→ EXTRACTED RECORDS
◇ ◇ ◇ ◇

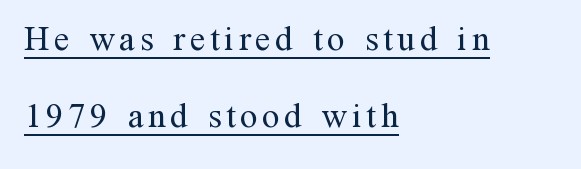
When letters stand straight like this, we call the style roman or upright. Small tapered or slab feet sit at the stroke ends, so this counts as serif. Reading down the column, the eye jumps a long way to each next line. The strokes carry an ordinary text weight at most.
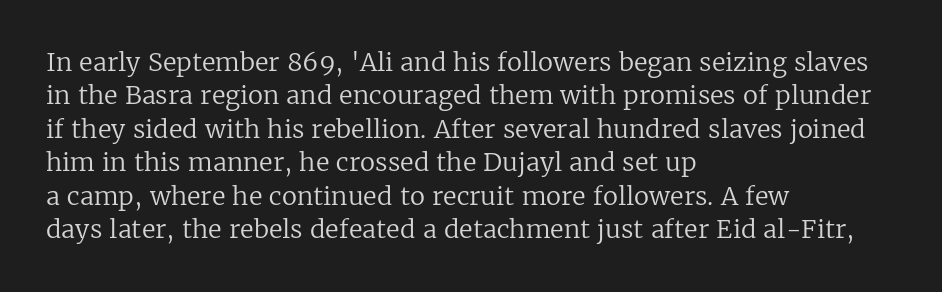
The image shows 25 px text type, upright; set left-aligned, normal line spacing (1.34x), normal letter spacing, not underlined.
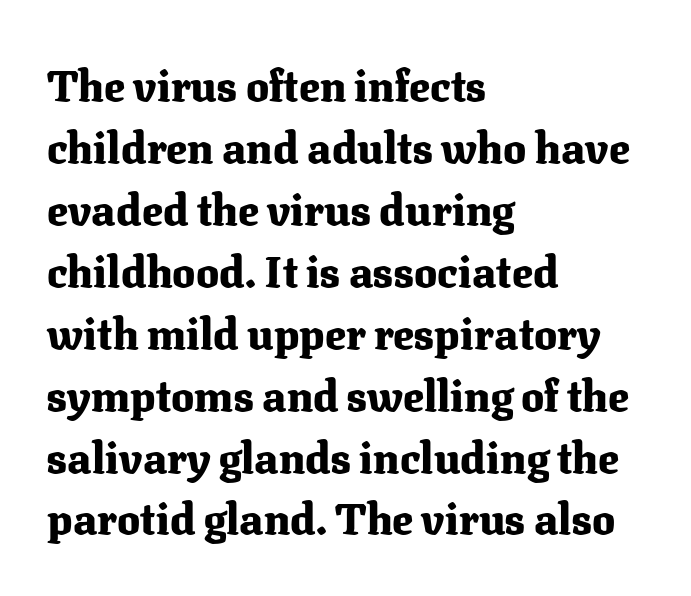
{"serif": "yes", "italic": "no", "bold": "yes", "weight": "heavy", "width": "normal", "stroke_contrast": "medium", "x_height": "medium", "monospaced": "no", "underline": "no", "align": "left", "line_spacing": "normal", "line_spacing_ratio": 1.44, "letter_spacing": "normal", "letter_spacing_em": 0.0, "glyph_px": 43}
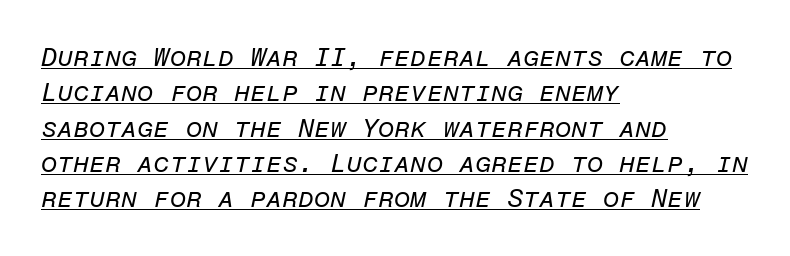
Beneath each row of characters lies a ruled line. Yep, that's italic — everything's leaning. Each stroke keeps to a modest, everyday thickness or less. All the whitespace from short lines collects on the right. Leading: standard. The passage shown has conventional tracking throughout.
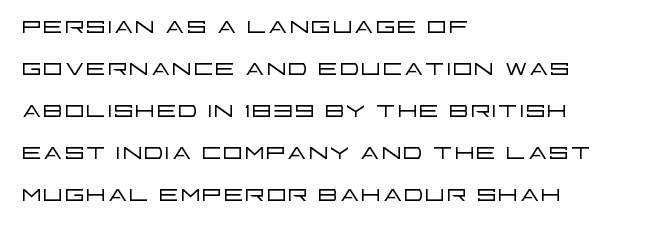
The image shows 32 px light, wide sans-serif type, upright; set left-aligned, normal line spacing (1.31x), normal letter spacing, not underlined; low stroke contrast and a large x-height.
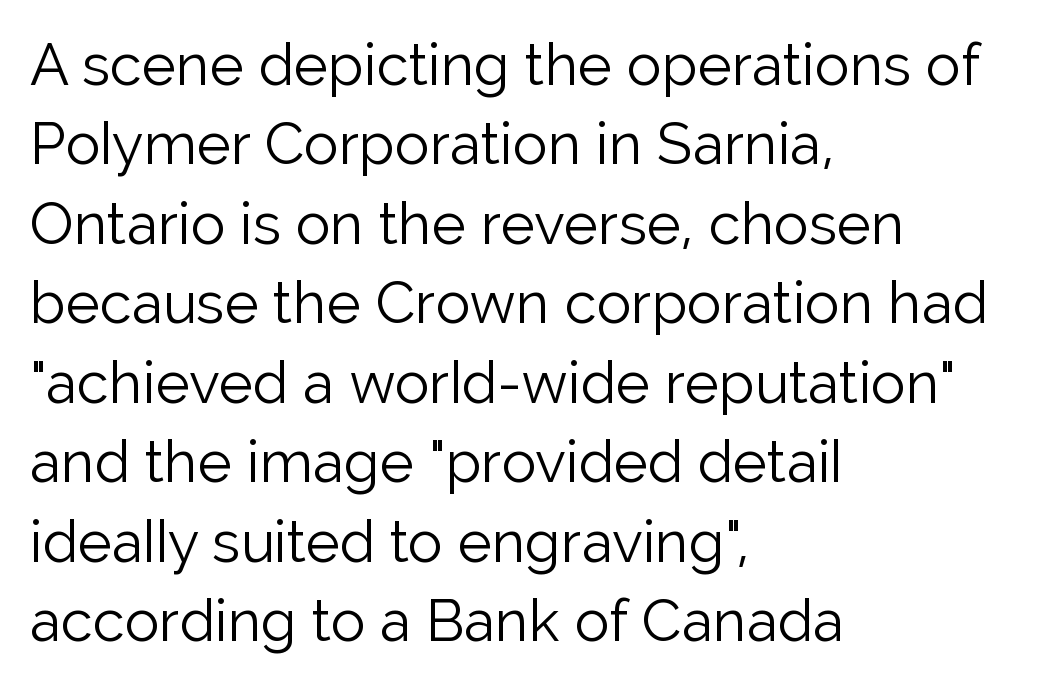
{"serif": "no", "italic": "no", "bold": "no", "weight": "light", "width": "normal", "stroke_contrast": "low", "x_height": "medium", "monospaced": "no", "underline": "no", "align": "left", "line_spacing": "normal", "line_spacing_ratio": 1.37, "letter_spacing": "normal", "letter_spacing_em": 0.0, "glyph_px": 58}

◇ ◇ ◇ ◇

Would you please output only the lines from the start of the material above up to and including the line with "Beneath each row", exactly as they appear and without pictures?

When letters stand straight like this, we call the style roman or upright. Small tapered or slab feet sit at the stroke ends, so this counts as serif. Reading down the column, the eye jumps a long way to each next line. The strokes carry an ordinary text weight at most.
The image shows 25 px text type, upright; set left-aligned, normal line spacing (1.34x), normal letter spacing, not underlined.
{"serif": "yes", "italic": "no", "bold": "yes", "weight": "heavy", "width": "normal", "stroke_contrast": "medium", "x_height": "medium", "monospaced": "no", "underline": "no", "align": "left", "line_spacing": "normal", "line_spacing_ratio": 1.44, "letter_spacing": "normal", "letter_spacing_em": 0.0, "glyph_px": 43}
Beneath each row of characters lies a ruled line. Yep, that's italic — everything's leaning. Each stroke keeps to a modest, everyday thickness or less. All the whitespace from short lines collects on the right. Leading: standard. The passage shown has conventional tracking throughout.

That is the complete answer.